Доказательство чести

22
18
20
22
24
26
28
30

Антон попрощался, вышел из комитета, поднял руку и назвал водителю такси адрес транспортной прокуратуры.

«Волга» мчалась по Северному шоссе, грозя пассажирам новой катастрофой. Двое мужчин, одетых в строгие костюмы, сидели в салоне и считали километры по указателям.

— У него на пятьдесят первом километре дача или на пятьдесят третьем? — опять спросил Пащенко. — Я забыл.

— А я тебе уже в третий раз говорю — на пятьдесят пятом! — без злобы пробубнил Копаев. — Еще минут пять, и мы увидим поворот.

— Шурин говорил, что там указатель должен быть на Сафроново.

— Значит, будет.

Он был. Большой, нестандартный, над маленькой табличкой, выцветшей от непогоды. Пащенко притормозил, съехал с трассы, и «Волга» мгновенно превратилась из автомобиля в прогулочный катер. Она переваливалась с кочки на кочку и постанывала, как сонная старуха.

— Вон он. С Танькой и сестрой. — Пащенко указал пальцем свободной руки на три фигуры в спортивных костюмах.

Их прибытие не осталось незамеченным. Пермяков смахнул пот со лба, недоуменно оперся на лопату и стал искать сигареты.

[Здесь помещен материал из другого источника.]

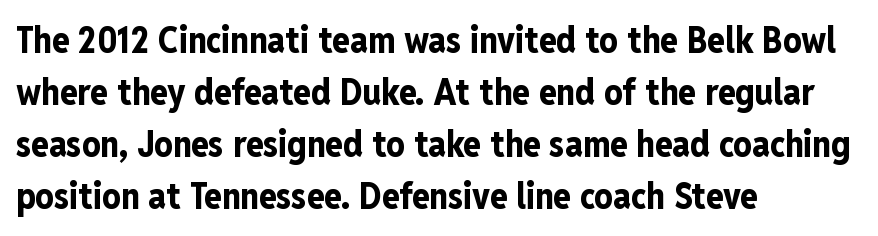
The image shows 36 px bold, condensed sans-serif type, upright; set left-aligned, normal line spacing (1.44x), normal letter spacing, not underlined; low stroke contrast and a medium x-height.
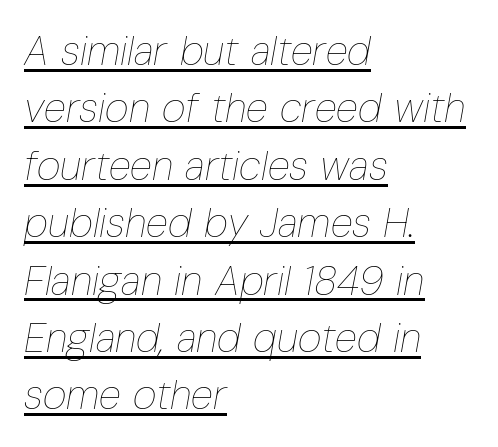
How would I describe the line gaps? Plain and ordinary. This rendering leaves character spacing at its baseline value. Do the characters align in a grid? No, the font is proportional. No letter is thick-stroked: the sample isn't bold. When letters slant like this, we call the style italic.
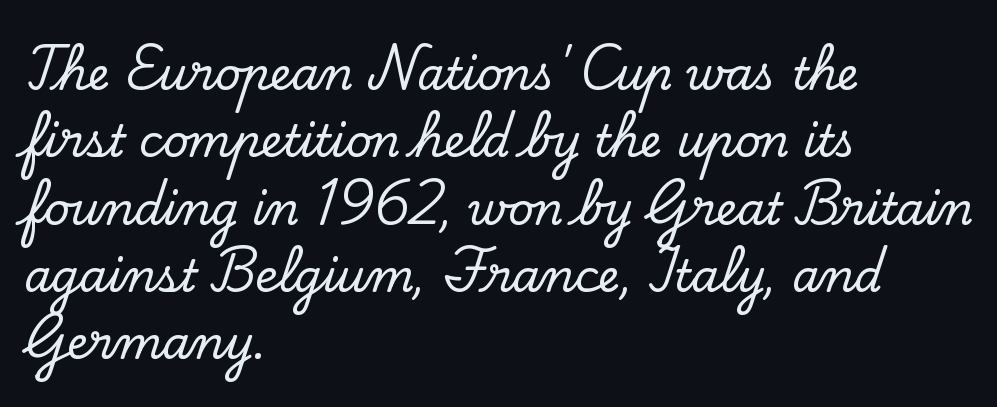
{"serif": "yes", "width": "normal", "stroke_contrast": "low", "x_height": "small", "monospaced": "no", "underline": "no", "align": "left", "line_spacing": "normal", "line_spacing_ratio": 1.53, "letter_spacing": "normal", "letter_spacing_em": 0.0, "glyph_px": 44}
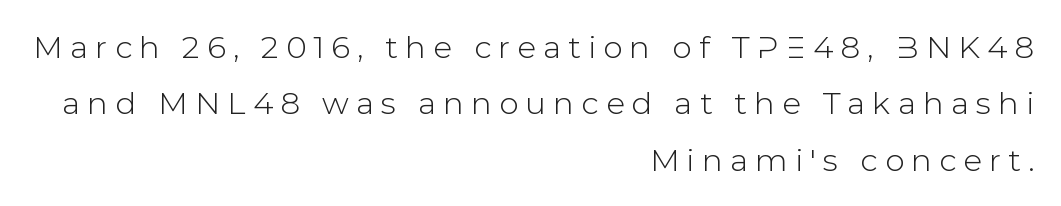
The image shows 31 px sans-serif type, upright; set right-aligned, line spacing 1.82x, unusually wide letter spacing (+0.23 em), not underlined; low stroke contrast and a medium x-height.
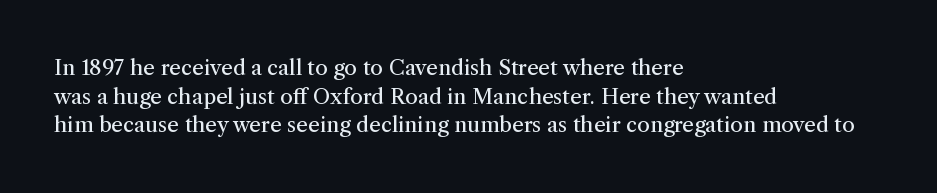
The image shows 21 px text type, upright; set left-aligned, normal line spacing (1.36x), normal letter spacing, not underlined.
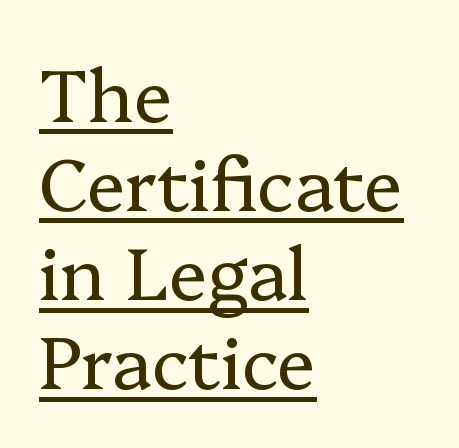
A typesetter would label this face a serif. Quick note: not italic, upright. No extra ink here — the face is not bold. The ragged edge is on the right, which tells us the setting is flush left. Every word sits above its own underline. Is this a fixed-width face? No — the glyphs have proportional, varying widths.
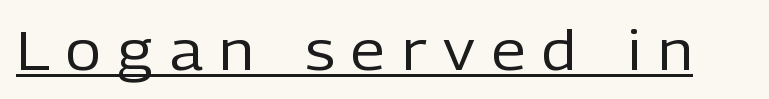
Q: Is the text bold? A: No.
Q: Is the text italic (slanted)? A: No, it is upright.
Q: Is the typeface a serif or a sans-serif typeface? A: Sans-serif.
Q: Is the text underlined? A: Yes.
Q: Is the spacing between letters normal or unusually wide? A: Unusually wide.
Q: Width (condensed, normal, or wide)? A: Normal.
Q: Stroke contrast? A: Low.
Q: x-height? A: Medium.
Q: Monospaced? A: No.
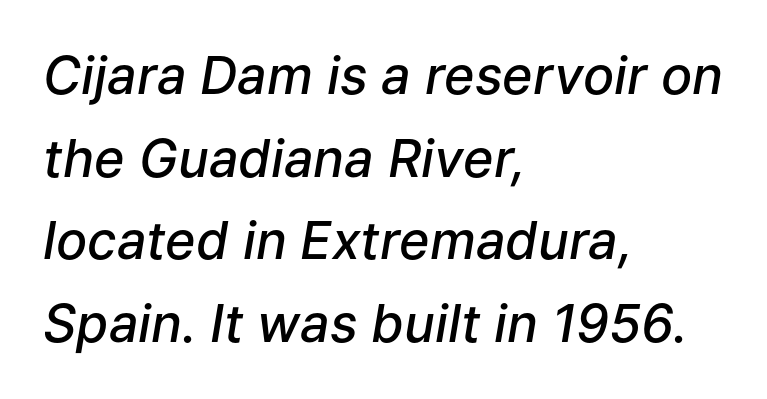
Q: Is the text bold? A: Semi-bold.
Q: Is the text italic (slanted)? A: Yes, it leans right by about 9 degrees.
Q: Is the text underlined? A: No.
Q: How is the paragraph aligned? A: Left-aligned.
Q: Is the spacing between letters normal or unusually wide? A: Normal.
Q: Is the spacing between lines tight, normal or loose? A: Normal.
Q: Width (condensed, normal, or wide)? A: Normal.
Q: Stroke contrast? A: Low.
Q: x-height? A: Medium.
Q: Monospaced? A: No.
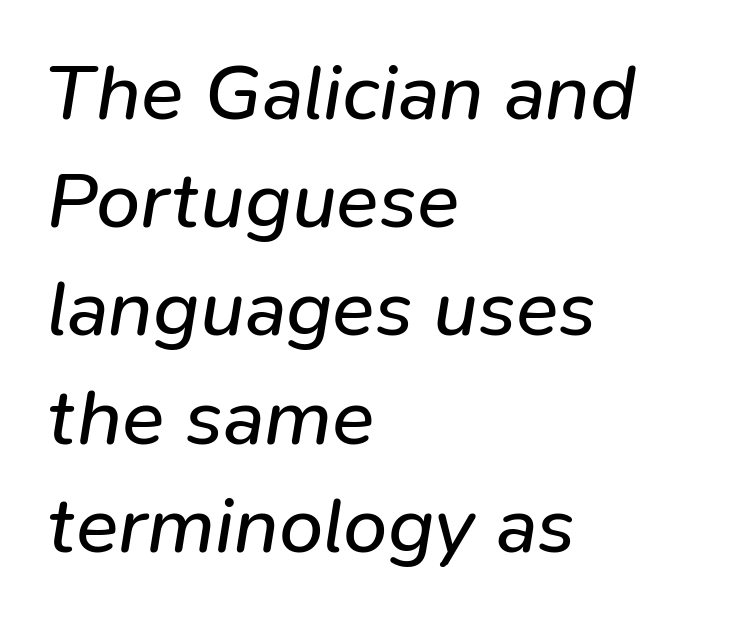
The image shows 79 px regular-weight type, italic (leaning right); set left-aligned, normal line spacing (1.37x), normal letter spacing, not underlined; low stroke contrast and a medium x-height.

Его сестра опустила ведра, полные картошки, ободрилась и заявила:

— Если увозить его собрались — даже не думайте. Еще три сотки осталось!

Антон встретился глазами с Пермяковым и увидел в них муку. Он скинул пиджак, бросил его на сиденье «Волги» и закатал до колен брюки.

— Так с вами и надо, — поддержала сама себя сестра Пермякова. — Вам бы только шататься по городу да дурью маяться. А чтобы делом заняться… Пока картошка в земле — не пущу!

Вскоре, закатав брюки и вооружившись лопатой, к бойкой компании присоединился и Пащенко.

Лопат было всего две, и обе по всем правилам честных рабочих компаний достались опоздавшим. Пассажиры «Волги» вгрызались в землю так, словно окапывались перед решающим штурмом, и продолжали молчать.

Только через полчаса Пащенко, старательно наблюдавший за сотрудником следственного комитета, взорвался:

— А что, нельзя было сказать, что меня к подставе готовят?

— Если бы ты приготовился, они придумали бы что-то другое. Не в отношении тебя, так против твоей жены. Им все равно было, кого к стенке подводить.

Пащенко порозовел от возмущения.

— А когда все закончилось, нельзя было сказать правду?